### [Data under study]
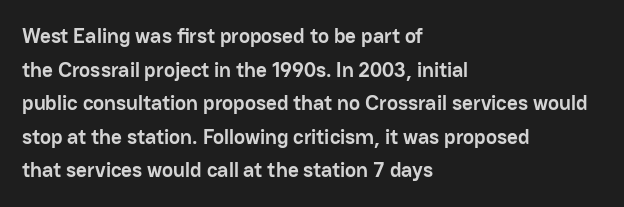
Q: Is the text bold? A: Yes.
Q: Is the text italic (slanted)? A: No, it is upright.
Q: Is the text underlined? A: No.
Q: How is the paragraph aligned? A: Left-aligned.
Q: Is the spacing between letters normal or unusually wide? A: Normal.
Q: Is the spacing between lines tight, normal or loose? A: Normal.
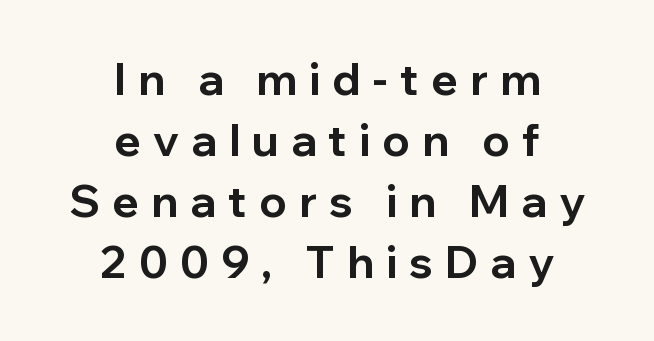
The specimen reads as upright at a glance. The block of text has a typical density, with ordinary space between rows. Looks like regular typesetting: each glyph gets only the width it needs. Rule under the text: the space is simply empty. This sample uses a sans-serif face.

### [Required action]
Exact repetition required: repeat the first line of the listing above, the line containing "Q: Is the spacing between lines", and every line between, leaving out pictures.

### [Task output]
Q: Is the text bold? A: Yes.
Q: Is the text italic (slanted)? A: No, it is upright.
Q: Is the text underlined? A: No.
Q: How is the paragraph aligned? A: Left-aligned.
Q: Is the spacing between letters normal or unusually wide? A: Normal.
Q: Is the spacing between lines tight, normal or loose? A: Normal.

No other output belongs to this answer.